История подвигов и славы.Книга 2. Сыны Отечества в дни мира и войны - страница 14
«Князь А.А. Вяземский». К.Л. Христинек
Наконец в августе месяце открылась вакансия в Сенате.
Державин был назначен экзекутором Первого департамента (государственных доходов).
Должность принесла материальную независимость. Пора было подумать об устройстве личной жизни. 30 августа Державин был приглашен сослуживцем Осипом Петровичем Козодавлевым смотреть из окна его дома крестный ход. Были и другие гости, среди которых одна девица особенно привлекла внимание Державина.
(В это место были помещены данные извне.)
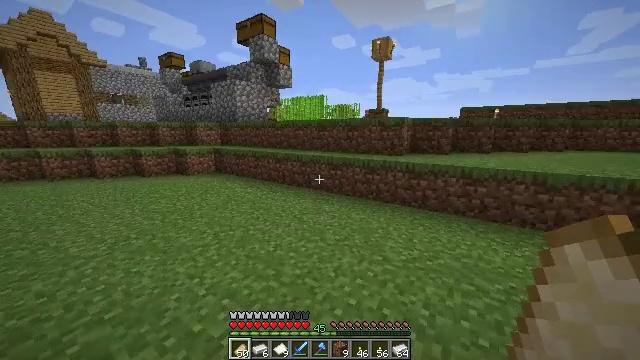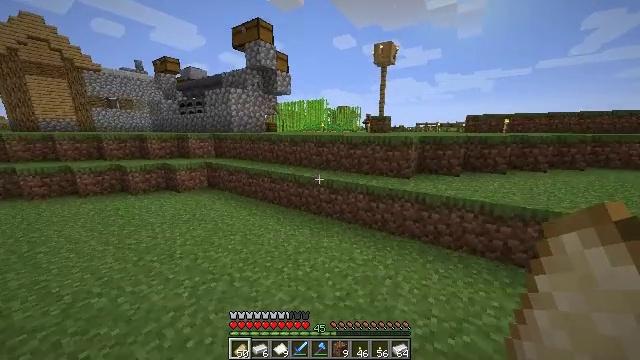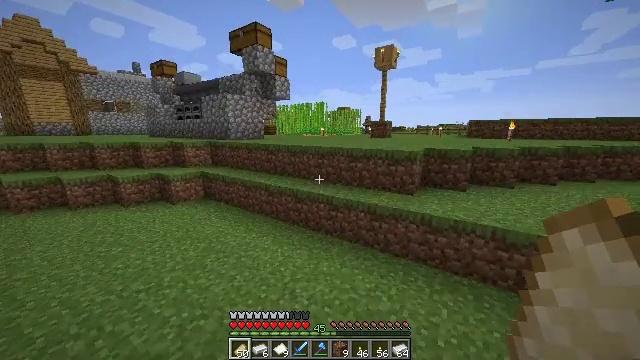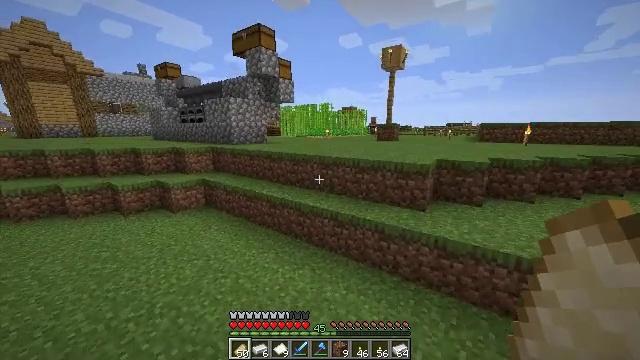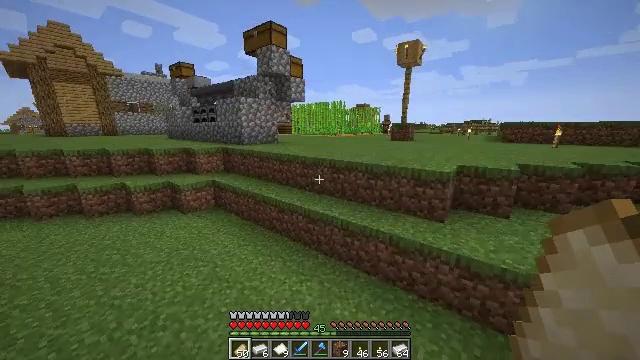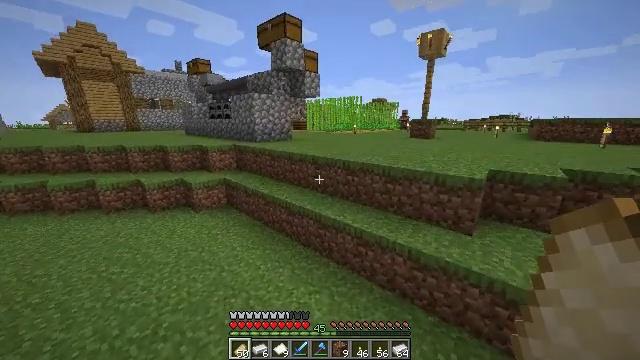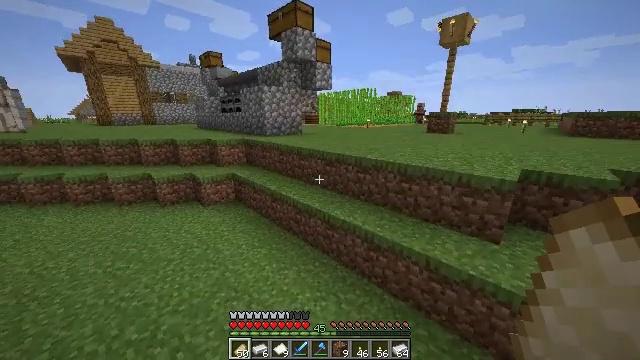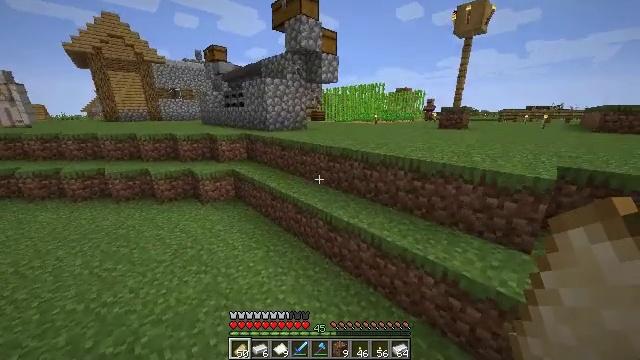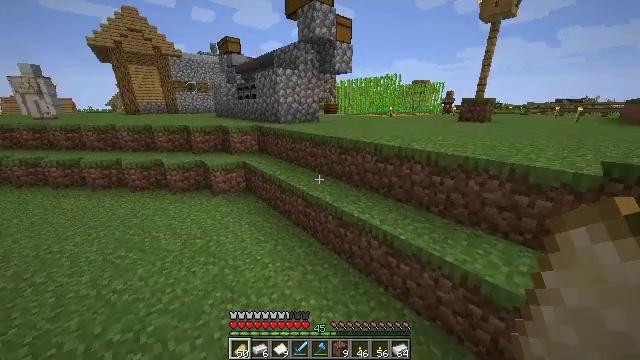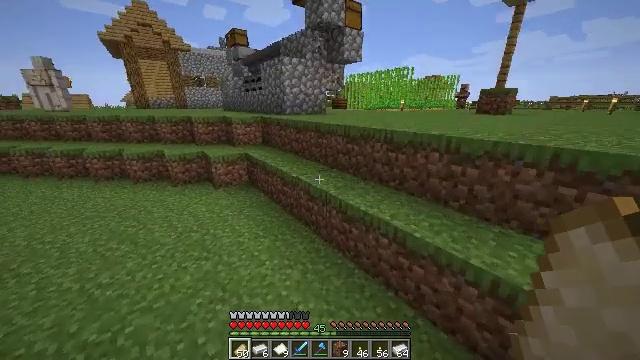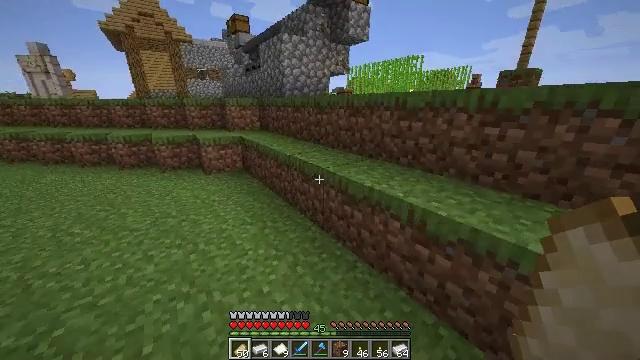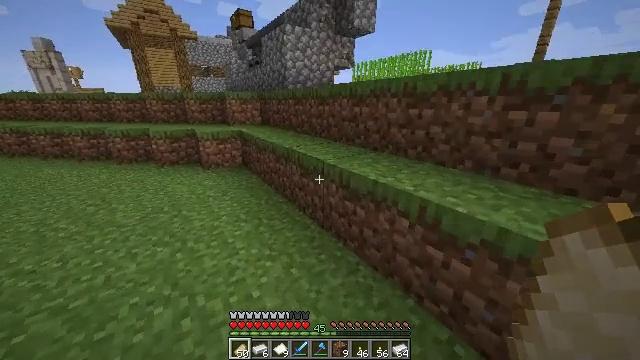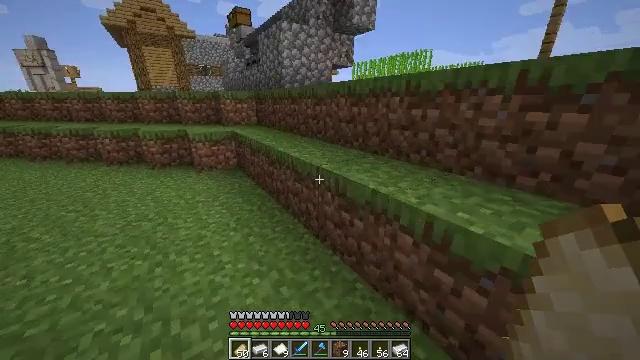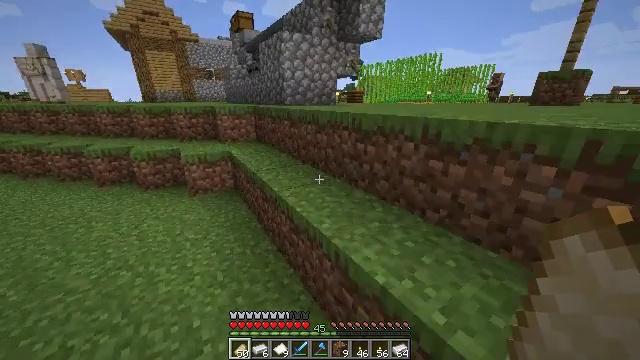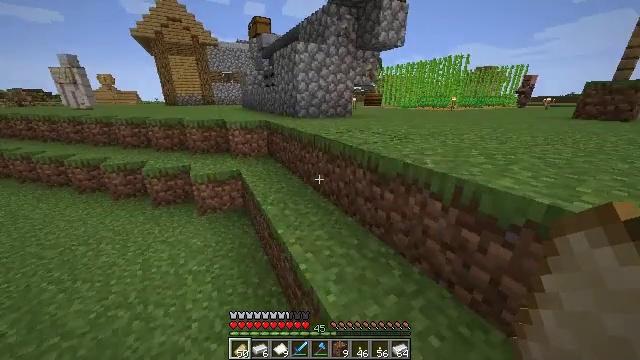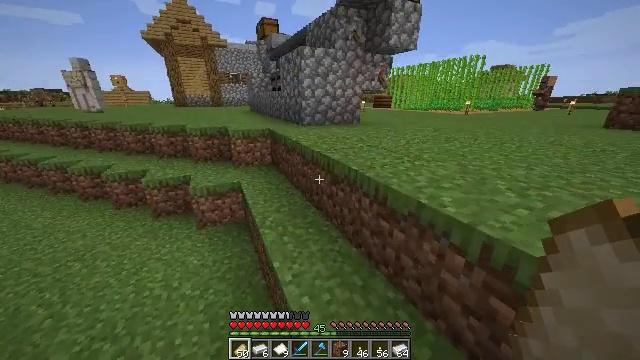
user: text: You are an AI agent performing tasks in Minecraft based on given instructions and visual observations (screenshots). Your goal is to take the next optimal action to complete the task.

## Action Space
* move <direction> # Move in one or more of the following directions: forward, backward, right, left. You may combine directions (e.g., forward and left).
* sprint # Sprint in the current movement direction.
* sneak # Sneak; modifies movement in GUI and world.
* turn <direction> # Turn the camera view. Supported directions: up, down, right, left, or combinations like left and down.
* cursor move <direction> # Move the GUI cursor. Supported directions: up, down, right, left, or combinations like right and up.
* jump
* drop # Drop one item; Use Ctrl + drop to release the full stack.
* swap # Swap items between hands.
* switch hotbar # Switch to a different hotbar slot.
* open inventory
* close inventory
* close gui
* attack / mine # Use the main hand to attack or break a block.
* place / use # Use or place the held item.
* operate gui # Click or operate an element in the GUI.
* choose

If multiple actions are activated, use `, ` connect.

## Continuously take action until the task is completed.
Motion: motion action
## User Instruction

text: craft item air
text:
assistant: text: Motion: move forward, sprint, jump
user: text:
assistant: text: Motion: move forward, sprint, jump
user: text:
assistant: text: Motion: move forward, sprint, turn left, jump
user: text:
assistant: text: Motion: move forward, turn left, jump
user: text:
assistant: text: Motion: move forward, turn left and down, jump
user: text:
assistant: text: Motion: move forward, turn left and down, jump
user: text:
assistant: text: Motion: move forward, turn left, jump
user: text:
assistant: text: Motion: move forward, turn left and down, jump
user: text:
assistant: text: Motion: move forward, turn left, jump
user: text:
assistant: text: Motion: move forward, sprint, turn left, jump
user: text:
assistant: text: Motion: move forward, sprint, turn left, jump
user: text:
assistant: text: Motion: move forward, sprint, jump
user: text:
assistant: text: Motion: move forward, sprint, turn left, jump
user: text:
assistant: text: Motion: move forward, turn left, jump
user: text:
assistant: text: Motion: move forward, turn left, jump
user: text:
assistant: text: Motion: move forward, turn left, jump
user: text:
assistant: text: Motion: move forward, jump
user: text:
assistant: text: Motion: move forward, jump
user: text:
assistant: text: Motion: move forward, jump
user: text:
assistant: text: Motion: move forward, sprint, jump
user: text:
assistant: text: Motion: move forward, sprint, jump
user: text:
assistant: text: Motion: move forward, sprint, jump
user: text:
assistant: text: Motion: move forward, sprint, turn left, jump
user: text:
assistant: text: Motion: move forward, sprint, turn left, jump
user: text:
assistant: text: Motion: move forward, turn left, jump
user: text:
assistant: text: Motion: move forward, turn left, jump
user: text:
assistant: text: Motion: move forward, turn left, jump
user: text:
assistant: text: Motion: move forward, turn left, jump
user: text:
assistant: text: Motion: move forward, jump
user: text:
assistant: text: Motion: move forward, jump
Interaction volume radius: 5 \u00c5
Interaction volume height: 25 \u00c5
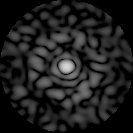
Disorder parameter: 0.8345
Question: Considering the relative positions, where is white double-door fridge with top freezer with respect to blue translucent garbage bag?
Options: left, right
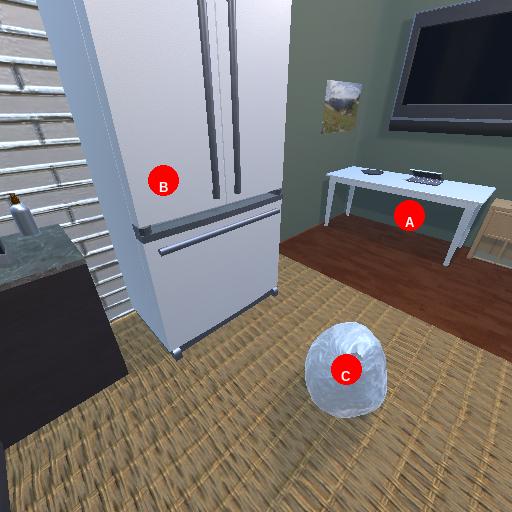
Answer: left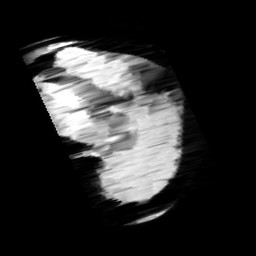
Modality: minIP
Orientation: sagittal
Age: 11
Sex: male
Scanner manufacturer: siemens
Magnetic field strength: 3 T
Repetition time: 0.027 s
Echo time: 0.02 s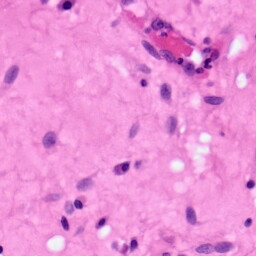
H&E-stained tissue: Pancreatic
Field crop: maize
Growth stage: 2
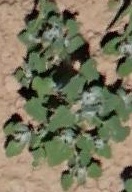
Species: chenopodium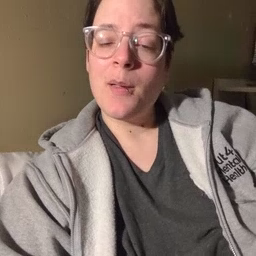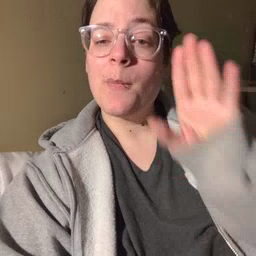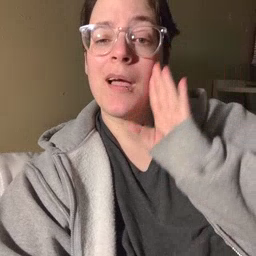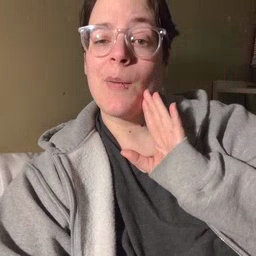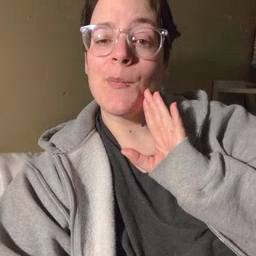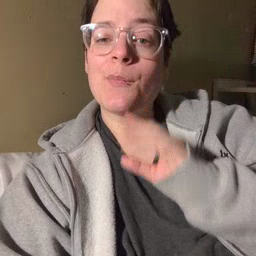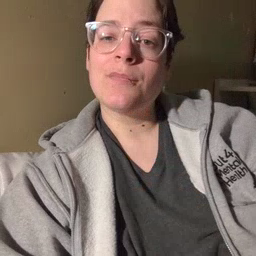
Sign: brown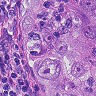
Metastatic tissue present: yes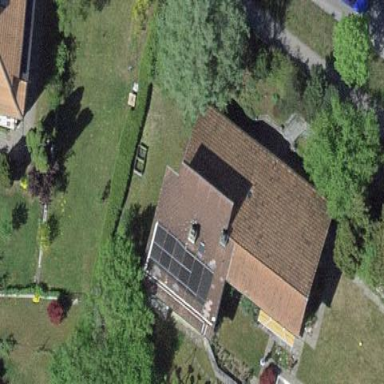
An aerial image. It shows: Residential building.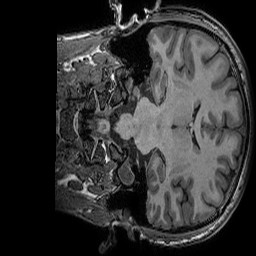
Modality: T1w
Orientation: coronal
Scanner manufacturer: ge
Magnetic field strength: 3 T
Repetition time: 0.008156 s
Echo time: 0.00318 s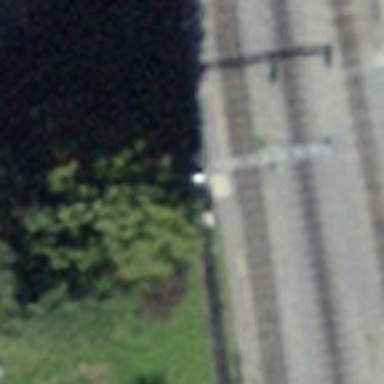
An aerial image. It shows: Narrow-gauge railway track with electrified contact line. The railway has one track.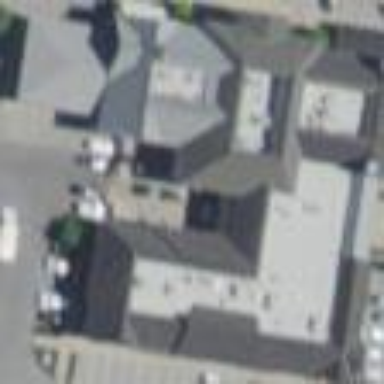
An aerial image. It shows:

Было ей семнадцать.
Черные, как смоль, волосы, с легкой горбинкой нос, из-под черных бровей – огненные глаза на смуглом лице. Она была с матерью. Державин осведомился о фамилии. «Бастидоновы» – был ответ. Державин уехал. Красавица не выходила у него из памяти. Зимой он встретил ее в театре, и вновь она поразила его…
Дело кончилось сватовством. В невесте он нашел то, что считал обязательным в семейной жизни, и если бы не нашел в невесте, что ему было нужно, не стал бы свататься, отступил бы. Он хотел быть в доме главою, тем более женясь тридцати пяти лет на девушке, которая была вдвое моложе его. Будучи сам порывист и неустойчив, от жены он требовал иных добродетелей: «тихость и смирение – суть первые достоинства женщин, и они одни те истинные превосходства, которые все их прелести и самое непорочнейшее их поведение украшают. Без них страстнейшая любовь – вздор».
По прошествии Великого поста, 18 апреля 1778 г. был совершен брак. Счастливый Державин писал:
Жизнь налаживалась. Когда правительство стало безденежно раздавать новоприобретенные днепровские земли, Державин обзавелся шестью тысячами десятин земли со ста тридцатью душами. Таким образом, вместе с пожалованными при выходе из полка тремястами, а также с родительскими всего получилось за Державиным более тысячи душ.
Это был уже известный достаток. Сюда надо прибавить сенатское жалованье. Державины могли жить «приличным домом». Молодая семья поселилась на Сенной площади в Санкт-Петербурге. Державин был чрезвычайно радушным хозяином. Появились новые знакомые. Среди них Василий Васильевич Капнист. С молодым стихотворцем он познакомился еще в полку. Стихи их были общей слабостью. Теперь знакомство перешло в дружбу. Капнист был отчасти увалень, был порой хмур и склонен к обидчивости, но при всем том – человек добрейший и великий семьянин. Впрочем, женат он был лишь недавно.
«Санкт-Петербург. Сенная площадь». Б. Патерсен
Две молодые четы коротко сблизились, и это повело к тому, что вскоре вокруг Державиных образовался целый кружок. Среди них друзья Капниста – Львов Николай Александрович – приятный лицом, состоятельный, имевший большие связи, щедро одарен природой, был поэтом, музыкантом, живописцем и архитектором. Всюду был умным и тонким ценителем. Переводил Анакреона и строил храмы. Стихи его были забавны, веселы, бодры, как и сам он был всегда легок, весел и бодр. Был среди них сын обрусевшего немца Иван Иванович Хемницер, полная противоположность Львова. Настроен философически, сдержан, задумчив – отчасти потому, может быть, что был уж очень нехорош собою, даже до безобразия. Зато талантлив – писал сказки и басни.
Для Державина друзья были авторитетами, которые, однако, как поэты были весьма заурядны. Свой собственный стих Державин обрел, имея весьма спутанные понятия о стихах вообще, не зная простейших правил, которые для Капниста и Львова были детской азбукой. Он делал ошибки в размере, в рифме, в цезуре, даже в языке: самые неотесанные провинциализмы уживались у него рядом с явным германизмом (немецкий язык был для него языком поэзии). Его неопытность не заслоняла неординарности дарования, и соратники по творчеству старались просветить его. Впоследствии Державину казалось, будто именно в это время под влиянием Львова и Капниста в его поэзии совершился глубокий перелом. Он считал их более одаренными поэтами. Однако друзья в порыве откровенности говорили ему: – Дружище, Гаврила! На Парнасе талант твой далеко переживет наши! Тогда все поэты служили – звания писателя не существовало. Общественное значение литературы уже признавалось, но на занятие литературой смотрели как на частное дело, а не общественное. Что касается Державина, то в его понятиях поэзия и служба были связаны особенным образом. К началу восьмидесятых годов, когда Державин достиг довольно заметного положения в службе и стал выдвигаться в литературе, поэзия и служба сделались для него как бы двумя ипостасями единого гражданского подвига.